Caso de hepatite misteriosa investigado no Ceará é descartado (Foto: divulgação).

Nerci alerta que as hepatites podem acometer qualquer faixa etária, contudo, crianças são acometidas por tipos específicos da doença. As chances do “cruzamento” entre as duas infecções, segundo a médica, diminuiria, se mais crianças tivessem sido vacinadas”, destaca a infectologista.

O exame, que teve resultado negativo para uma suspeita da doença no Ceará, era investigado pela Secretaria de Saúde do Estado.
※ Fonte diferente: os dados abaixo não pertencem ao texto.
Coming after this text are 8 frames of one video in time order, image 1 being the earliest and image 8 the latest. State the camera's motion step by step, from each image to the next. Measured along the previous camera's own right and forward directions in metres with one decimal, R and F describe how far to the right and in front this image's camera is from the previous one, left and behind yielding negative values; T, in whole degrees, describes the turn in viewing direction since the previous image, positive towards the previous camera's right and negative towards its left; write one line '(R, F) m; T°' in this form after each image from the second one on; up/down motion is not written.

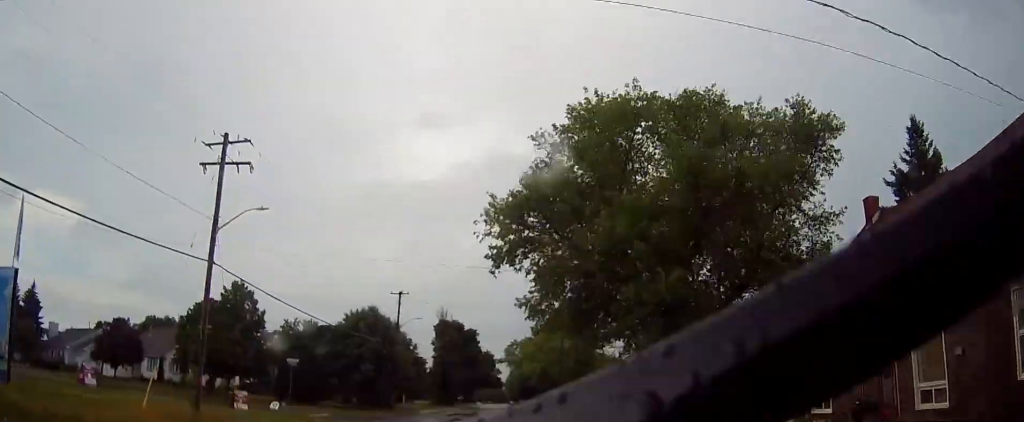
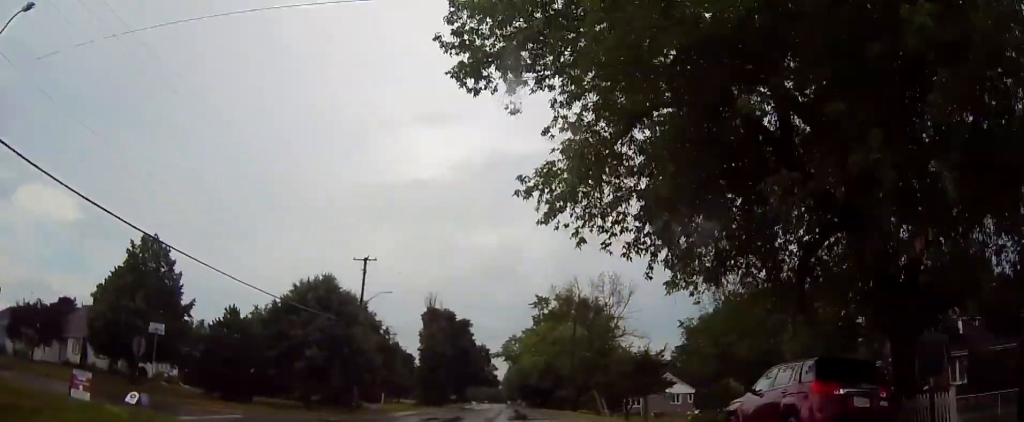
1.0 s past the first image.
(-0.2, +15.4) m; -1°
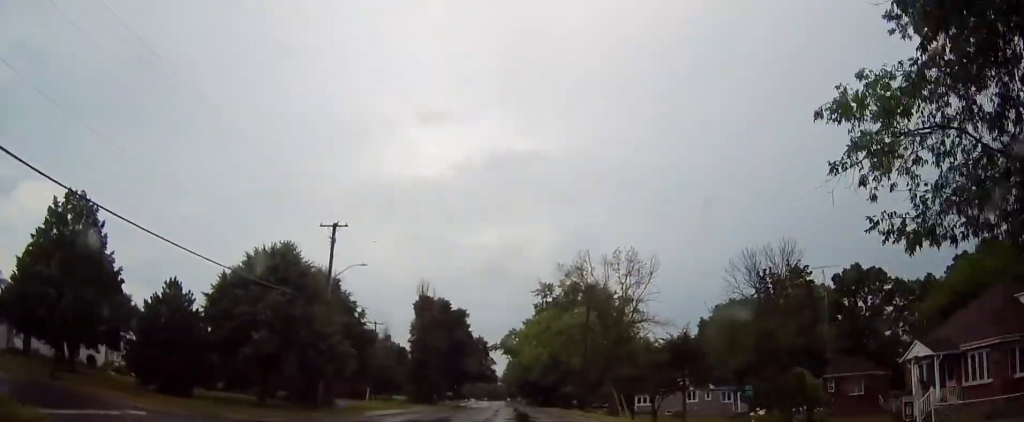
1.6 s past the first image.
(0.0, +9.2) m; 0°
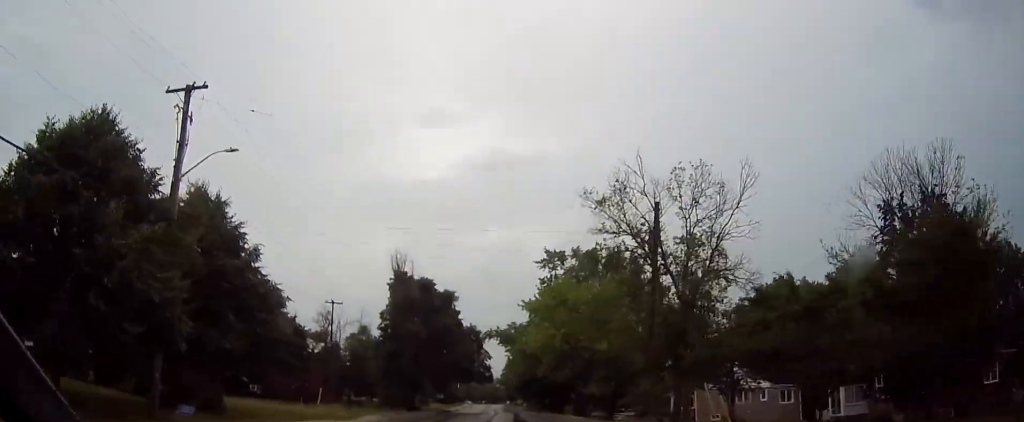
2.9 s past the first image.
(0.0, +20.3) m; 0°
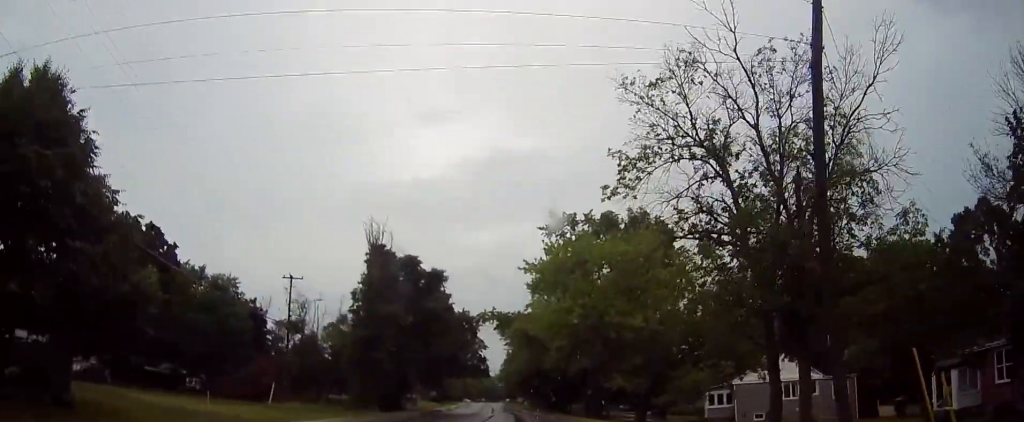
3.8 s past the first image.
(0.0, +12.5) m; +1°
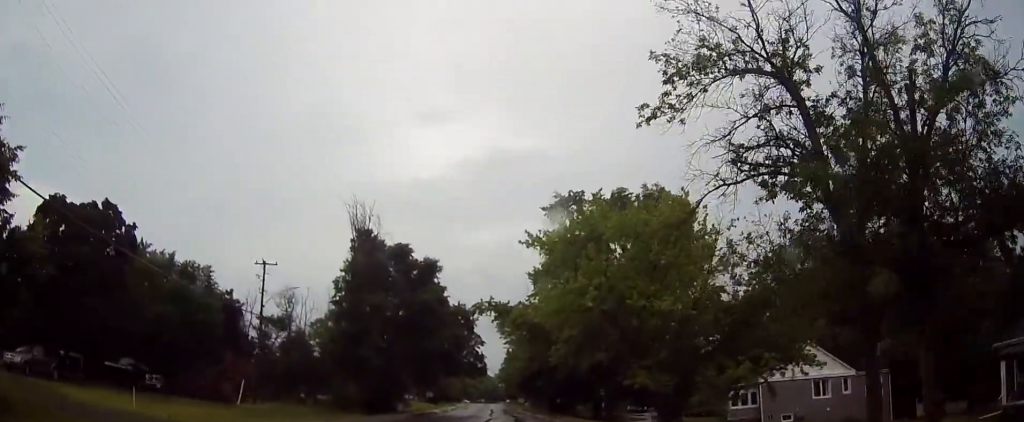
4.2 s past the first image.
(-0.1, +6.0) m; +1°
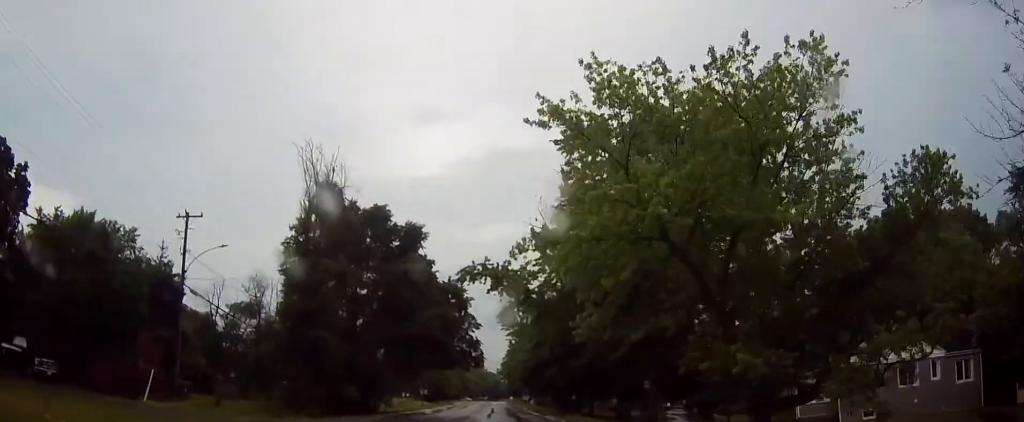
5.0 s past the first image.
(+0.3, +12.3) m; 0°
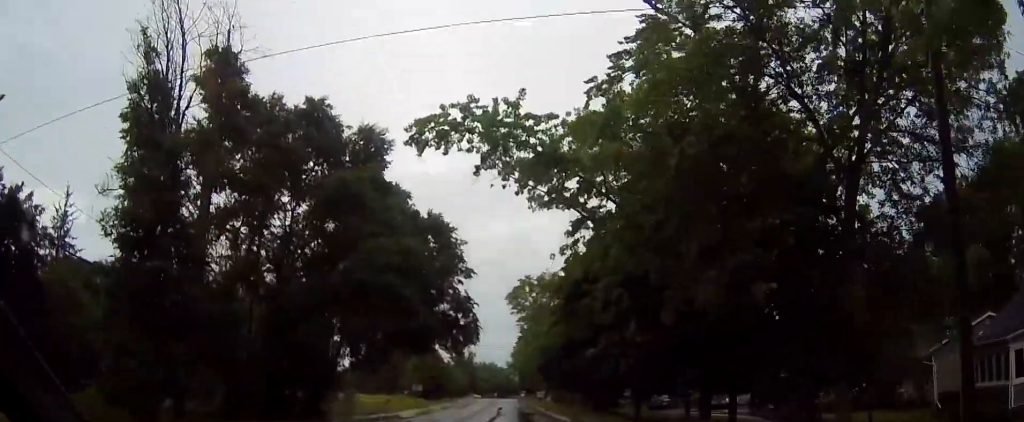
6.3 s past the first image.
(-0.3, +19.0) m; -1°

O caso chamou a atenção das autoridades de saúde e levantou o alerta, após os relatos registrados em um estudo publicado na revista científica The Lancet, onde pesquisadores da Imperial College, em Londres, no Reino Unido, e do Centro Médico Cedars Sinai, nos Estados Unidos, levantaram a teoria de que uma infecção prévia pela variante Ômicron teria relação com a hepatite infantil.
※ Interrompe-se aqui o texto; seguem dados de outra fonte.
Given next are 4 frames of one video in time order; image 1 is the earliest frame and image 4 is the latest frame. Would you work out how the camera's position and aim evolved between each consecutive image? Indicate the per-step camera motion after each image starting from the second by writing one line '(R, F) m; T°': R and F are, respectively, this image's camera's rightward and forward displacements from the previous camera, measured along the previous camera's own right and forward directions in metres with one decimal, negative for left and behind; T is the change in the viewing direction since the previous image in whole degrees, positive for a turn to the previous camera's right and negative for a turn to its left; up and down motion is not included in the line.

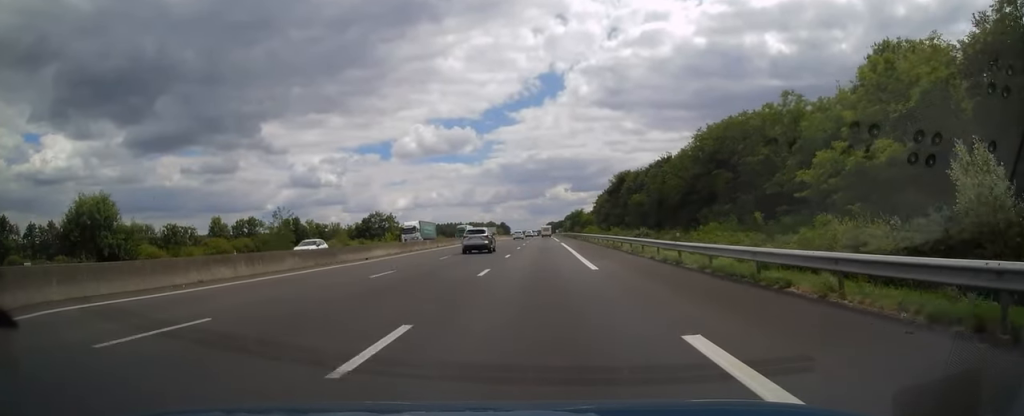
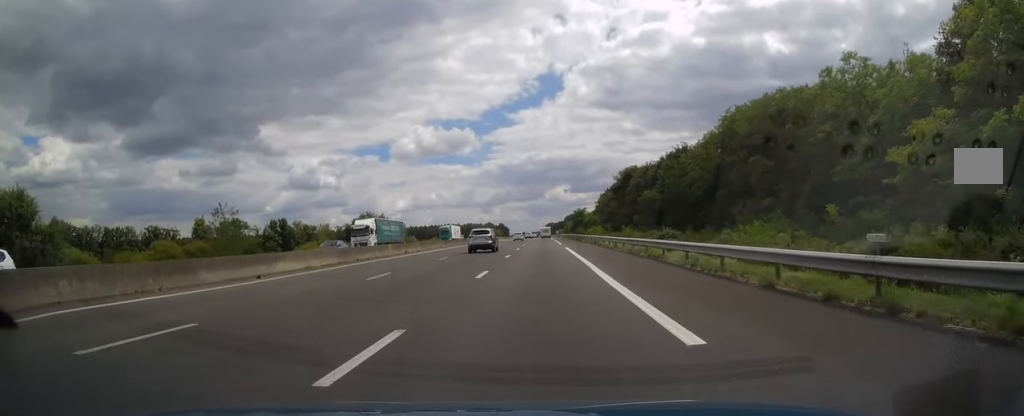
(0.0, +13.3) m; 0°
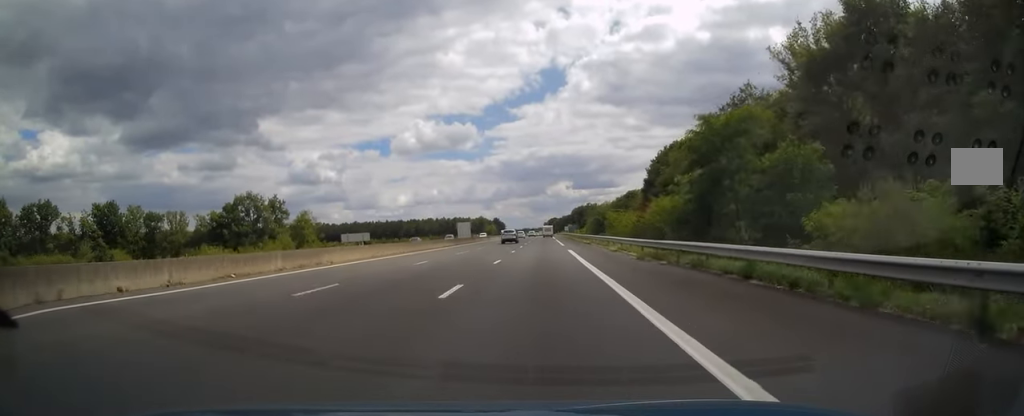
(+0.2, +110.8) m; 0°
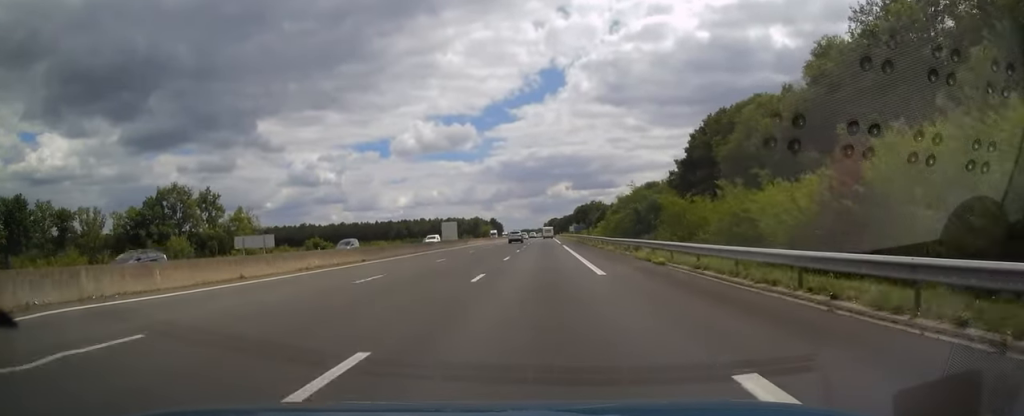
(-0.1, +34.5) m; 0°

Segundo o texto científico, há a possibilidade de o vírus da variante deixar “rastros” no organismo, como pequenos reservatórios que permanecem no trato gastrointestinal (boca, faringe, esôfago, estômago, intestino delgado, intestino grosso, reto e ânus) e influenciam a inflamação exacerbada quando as crianças são infectadas pelo adenovírus que causa a hepatite.

Na opinião da infectologista pediátrica do Hospital Infantil Albert Sabin (Hias), Michelle Pinheiro, o tempo em que as crianças ficaram em isolamento domiciliar, por conta da pandemia, pode ter influenciado nas infecções. “Essas exposições acabam ocasionando a formação de acometimentos múltiplos e causando danos hepáticos maiores que podem levar à mutação do adenovírus”, explica, e finaliza. “Em outras palavras, o adenovírus que causava a hepatite, antes, pode não ser o mesmo que circula agora”, deduz.